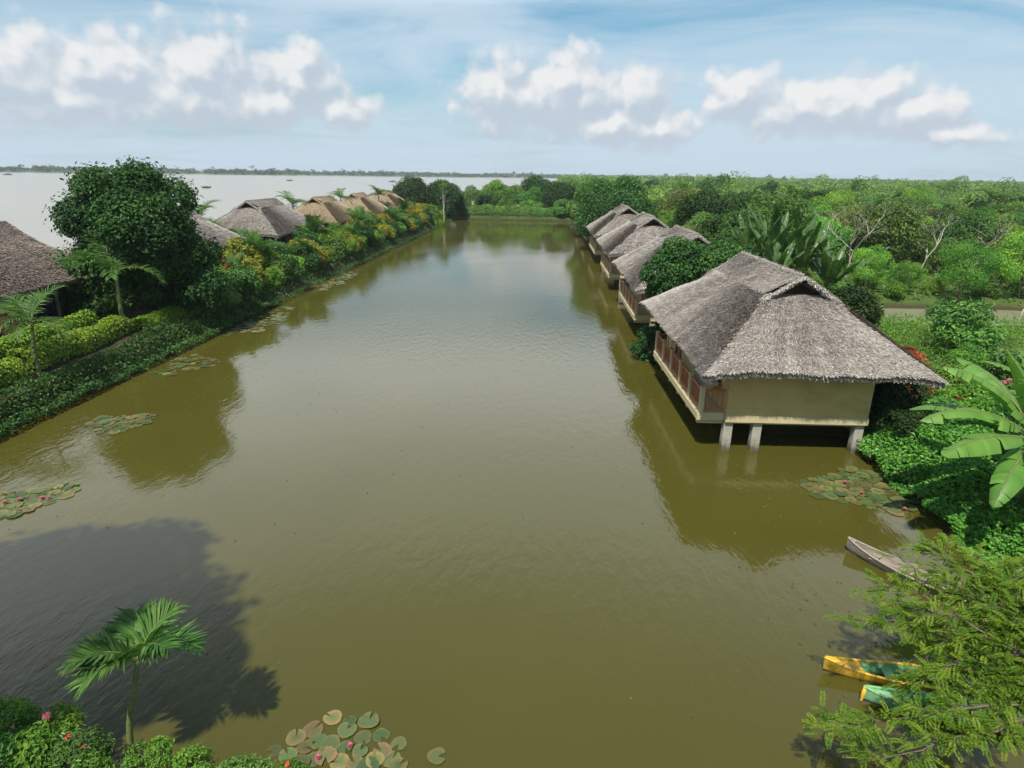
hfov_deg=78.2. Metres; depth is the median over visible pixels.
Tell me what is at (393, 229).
green shrub
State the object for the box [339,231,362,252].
croton shrub
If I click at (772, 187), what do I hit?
tall tree
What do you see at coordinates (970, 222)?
orchard tree
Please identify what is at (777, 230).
banana plant
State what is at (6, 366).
hedge
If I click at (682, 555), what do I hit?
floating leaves
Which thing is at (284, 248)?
green shrub
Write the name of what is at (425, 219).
croton shrub
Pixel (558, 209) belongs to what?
bush
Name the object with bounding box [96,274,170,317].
green shrub
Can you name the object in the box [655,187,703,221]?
orchard tree
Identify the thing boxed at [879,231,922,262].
orchard tree
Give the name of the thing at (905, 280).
creek bush
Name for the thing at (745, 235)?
banana plant
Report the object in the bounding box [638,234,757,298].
leafy tree
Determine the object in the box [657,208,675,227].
orchard tree
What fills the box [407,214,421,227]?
green shrub
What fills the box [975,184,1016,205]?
coconut palm
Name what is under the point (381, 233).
green shrub
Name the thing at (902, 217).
orchard tree
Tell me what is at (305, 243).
spiky palm
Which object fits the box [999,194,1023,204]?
orchard tree
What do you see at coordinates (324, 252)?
croton shrub
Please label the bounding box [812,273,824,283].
creek bush
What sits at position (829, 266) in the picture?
banana plant
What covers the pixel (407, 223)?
green shrub
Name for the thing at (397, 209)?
green shrub
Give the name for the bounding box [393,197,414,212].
spiky palm
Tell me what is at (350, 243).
green shrub
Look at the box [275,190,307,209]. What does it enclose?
coconut palm
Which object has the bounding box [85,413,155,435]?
water lily
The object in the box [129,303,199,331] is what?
hedge
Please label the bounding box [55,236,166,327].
areca palm
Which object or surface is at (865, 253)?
soft tree
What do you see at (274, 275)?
green shrub
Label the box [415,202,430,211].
croton shrub
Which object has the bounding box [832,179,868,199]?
coconut palm
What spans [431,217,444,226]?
reed tuft
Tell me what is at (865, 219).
bare tree
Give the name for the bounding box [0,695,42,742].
flowering shrub
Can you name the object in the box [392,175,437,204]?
round tree
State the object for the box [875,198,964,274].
bare tree
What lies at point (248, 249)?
croton shrub
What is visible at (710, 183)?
tall tree
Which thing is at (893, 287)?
creek bush
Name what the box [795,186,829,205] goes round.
orchard tree
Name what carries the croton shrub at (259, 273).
on the ground at (914, 302)
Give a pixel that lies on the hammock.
(707, 384)
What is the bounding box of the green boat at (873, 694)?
[860,684,1023,731]
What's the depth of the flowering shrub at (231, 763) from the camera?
9.92 m
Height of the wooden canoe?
0.547 m
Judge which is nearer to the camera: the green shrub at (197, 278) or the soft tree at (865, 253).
the green shrub at (197, 278)
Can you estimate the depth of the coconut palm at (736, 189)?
112.29 m
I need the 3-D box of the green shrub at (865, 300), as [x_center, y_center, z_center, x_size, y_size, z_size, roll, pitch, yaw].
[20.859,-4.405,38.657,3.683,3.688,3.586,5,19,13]
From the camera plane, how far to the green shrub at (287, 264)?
53.64 m
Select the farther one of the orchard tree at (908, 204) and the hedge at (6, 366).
the orchard tree at (908, 204)
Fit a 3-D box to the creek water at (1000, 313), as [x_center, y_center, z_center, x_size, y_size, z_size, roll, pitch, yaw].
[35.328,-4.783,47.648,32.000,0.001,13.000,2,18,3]
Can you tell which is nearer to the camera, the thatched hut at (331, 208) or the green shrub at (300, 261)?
the green shrub at (300, 261)
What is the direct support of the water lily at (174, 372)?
on the pond water at (458, 550)
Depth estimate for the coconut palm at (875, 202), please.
104.16 m
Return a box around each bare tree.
[801,193,896,276]
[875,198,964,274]
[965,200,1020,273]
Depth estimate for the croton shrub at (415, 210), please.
113.47 m
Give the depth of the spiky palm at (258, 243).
53.47 m
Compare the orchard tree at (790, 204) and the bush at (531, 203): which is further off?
the bush at (531, 203)
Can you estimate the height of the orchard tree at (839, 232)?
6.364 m
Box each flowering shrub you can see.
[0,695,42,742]
[0,732,31,767]
[3,700,85,767]
[42,723,116,767]
[71,751,116,767]
[120,733,174,767]
[169,741,218,767]
[218,752,276,767]
[275,756,309,767]
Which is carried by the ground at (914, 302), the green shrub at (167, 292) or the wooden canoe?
the green shrub at (167, 292)
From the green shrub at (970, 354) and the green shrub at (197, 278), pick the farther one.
the green shrub at (197, 278)
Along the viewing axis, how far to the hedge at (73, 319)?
31.89 m
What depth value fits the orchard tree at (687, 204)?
84.83 m
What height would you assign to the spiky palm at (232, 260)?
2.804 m
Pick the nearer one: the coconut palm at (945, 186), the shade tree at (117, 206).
the shade tree at (117, 206)
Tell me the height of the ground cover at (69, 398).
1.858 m
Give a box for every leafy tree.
[462,185,482,204]
[479,178,516,203]
[516,187,543,213]
[563,179,582,198]
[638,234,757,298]
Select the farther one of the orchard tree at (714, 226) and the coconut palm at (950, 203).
the coconut palm at (950, 203)
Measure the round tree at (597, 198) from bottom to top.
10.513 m
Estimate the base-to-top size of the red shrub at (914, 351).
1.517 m
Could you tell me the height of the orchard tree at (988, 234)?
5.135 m
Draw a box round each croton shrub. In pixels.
[218,237,265,270]
[224,257,267,291]
[287,237,317,255]
[298,243,329,265]
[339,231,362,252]
[343,217,369,228]
[374,223,394,238]
[375,212,392,224]
[404,204,424,215]
[404,217,415,230]
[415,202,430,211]
[419,213,428,224]
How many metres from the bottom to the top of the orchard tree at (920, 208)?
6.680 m
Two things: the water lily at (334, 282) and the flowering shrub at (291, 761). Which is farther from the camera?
the water lily at (334, 282)
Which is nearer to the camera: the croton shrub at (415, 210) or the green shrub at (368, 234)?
the green shrub at (368, 234)
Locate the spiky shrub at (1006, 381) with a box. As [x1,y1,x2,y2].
[979,379,1014,393]
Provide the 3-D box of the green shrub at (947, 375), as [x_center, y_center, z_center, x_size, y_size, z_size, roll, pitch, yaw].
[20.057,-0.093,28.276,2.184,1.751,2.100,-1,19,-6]
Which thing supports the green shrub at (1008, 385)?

■ EXERCISE OBJECTIVE
Images do not belong in the copy; reproduce all other parts of the records above verbatim.

■ SOLVED EXERCISE
hfov_deg=78.2. Metres; depth is the median over visible pixels.
Tell me what is at (393, 229).
green shrub
State the object for the box [339,231,362,252].
croton shrub
If I click at (772, 187), what do I hit?
tall tree
What do you see at coordinates (970, 222)?
orchard tree
Please identify what is at (777, 230).
banana plant
State what is at (6, 366).
hedge
If I click at (682, 555), what do I hit?
floating leaves
Which thing is at (284, 248)?
green shrub
Write the name of what is at (425, 219).
croton shrub
Pixel (558, 209) belongs to what?
bush
Name the object with bounding box [96,274,170,317].
green shrub
Can you name the object in the box [655,187,703,221]?
orchard tree
Identify the thing boxed at [879,231,922,262].
orchard tree
Give the name of the thing at (905, 280).
creek bush
Name for the thing at (745, 235)?
banana plant
Report the object in the bounding box [638,234,757,298].
leafy tree
Determine the object in the box [657,208,675,227].
orchard tree
What fills the box [407,214,421,227]?
green shrub
What fills the box [975,184,1016,205]?
coconut palm
Name what is under the point (381, 233).
green shrub
Name the thing at (902, 217).
orchard tree
Tell me what is at (305, 243).
spiky palm
Which object fits the box [999,194,1023,204]?
orchard tree
What do you see at coordinates (324, 252)?
croton shrub
Please label the bounding box [812,273,824,283].
creek bush
What sits at position (829, 266) in the picture?
banana plant
What covers the pixel (407, 223)?
green shrub
Name for the thing at (397, 209)?
green shrub
Give the name for the bounding box [393,197,414,212].
spiky palm
Tell me what is at (350, 243).
green shrub
Look at the box [275,190,307,209]. What does it enclose?
coconut palm
Which object has the bounding box [85,413,155,435]?
water lily
The object in the box [129,303,199,331] is what?
hedge
Please label the bounding box [55,236,166,327].
areca palm
Which object or surface is at (865, 253)?
soft tree
What do you see at (274, 275)?
green shrub
Label the box [415,202,430,211].
croton shrub
Which object has the bounding box [832,179,868,199]?
coconut palm
What spans [431,217,444,226]?
reed tuft
Tell me what is at (865, 219).
bare tree
Give the name for the bounding box [0,695,42,742].
flowering shrub
Can you name the object in the box [392,175,437,204]?
round tree
State the object for the box [875,198,964,274].
bare tree
What lies at point (248, 249)?
croton shrub
What is visible at (710, 183)?
tall tree
Which thing is at (893, 287)?
creek bush
Name what the box [795,186,829,205] goes round.
orchard tree
Name what carries the croton shrub at (259, 273).
on the ground at (914, 302)
Give a pixel that lies on the hammock.
(707, 384)
What is the bounding box of the green boat at (873, 694)?
[860,684,1023,731]
What's the depth of the flowering shrub at (231, 763) from the camera?
9.92 m
Height of the wooden canoe?
0.547 m
Judge which is nearer to the camera: the green shrub at (197, 278) or the soft tree at (865, 253).
the green shrub at (197, 278)
Can you estimate the depth of the coconut palm at (736, 189)?
112.29 m
I need the 3-D box of the green shrub at (865, 300), as [x_center, y_center, z_center, x_size, y_size, z_size, roll, pitch, yaw].
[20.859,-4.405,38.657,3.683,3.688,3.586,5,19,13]
From the camera plane, how far to the green shrub at (287, 264)?
53.64 m
Select the farther one of the orchard tree at (908, 204) and the hedge at (6, 366).
the orchard tree at (908, 204)
Fit a 3-D box to the creek water at (1000, 313), as [x_center, y_center, z_center, x_size, y_size, z_size, roll, pitch, yaw].
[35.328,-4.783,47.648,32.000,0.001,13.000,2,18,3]
Can you tell which is nearer to the camera, the thatched hut at (331, 208) or the green shrub at (300, 261)?
the green shrub at (300, 261)
What is the direct support of the water lily at (174, 372)?
on the pond water at (458, 550)
Depth estimate for the coconut palm at (875, 202), please.
104.16 m
Return a box around each bare tree.
[801,193,896,276]
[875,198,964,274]
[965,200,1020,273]
Depth estimate for the croton shrub at (415, 210), please.
113.47 m
Give the depth of the spiky palm at (258, 243).
53.47 m
Compare the orchard tree at (790, 204) and the bush at (531, 203): which is further off?
the bush at (531, 203)
Can you estimate the height of the orchard tree at (839, 232)?
6.364 m
Box each flowering shrub you can see.
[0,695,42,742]
[0,732,31,767]
[3,700,85,767]
[42,723,116,767]
[71,751,116,767]
[120,733,174,767]
[169,741,218,767]
[218,752,276,767]
[275,756,309,767]
Which is carried by the ground at (914, 302), the green shrub at (167, 292) or the wooden canoe?
the green shrub at (167, 292)
From the green shrub at (970, 354) and the green shrub at (197, 278), pick the farther one.
the green shrub at (197, 278)
Along the viewing axis, how far to the hedge at (73, 319)?
31.89 m
What depth value fits the orchard tree at (687, 204)?
84.83 m
What height would you assign to the spiky palm at (232, 260)?
2.804 m
Pick the nearer one: the coconut palm at (945, 186), the shade tree at (117, 206).
the shade tree at (117, 206)
Tell me the height of the ground cover at (69, 398).
1.858 m
Give a box for every leafy tree.
[462,185,482,204]
[479,178,516,203]
[516,187,543,213]
[563,179,582,198]
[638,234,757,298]
Select the farther one of the orchard tree at (714, 226) and the coconut palm at (950, 203).
the coconut palm at (950, 203)
Measure the round tree at (597, 198) from bottom to top.
10.513 m
Estimate the base-to-top size of the red shrub at (914, 351).
1.517 m
Could you tell me the height of the orchard tree at (988, 234)?
5.135 m
Draw a box round each croton shrub. In pixels.
[218,237,265,270]
[224,257,267,291]
[287,237,317,255]
[298,243,329,265]
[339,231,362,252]
[343,217,369,228]
[374,223,394,238]
[375,212,392,224]
[404,204,424,215]
[404,217,415,230]
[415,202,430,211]
[419,213,428,224]
How many metres from the bottom to the top of the orchard tree at (920, 208)?
6.680 m
Two things: the water lily at (334, 282) and the flowering shrub at (291, 761). Which is farther from the camera?
the water lily at (334, 282)
Which is nearer to the camera: the croton shrub at (415, 210) or the green shrub at (368, 234)?
the green shrub at (368, 234)
Locate the spiky shrub at (1006, 381) with a box. As [x1,y1,x2,y2].
[979,379,1014,393]
Provide the 3-D box of the green shrub at (947, 375), as [x_center, y_center, z_center, x_size, y_size, z_size, roll, pitch, yaw].
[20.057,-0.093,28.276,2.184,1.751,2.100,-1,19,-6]
Which thing supports the green shrub at (1008, 385)?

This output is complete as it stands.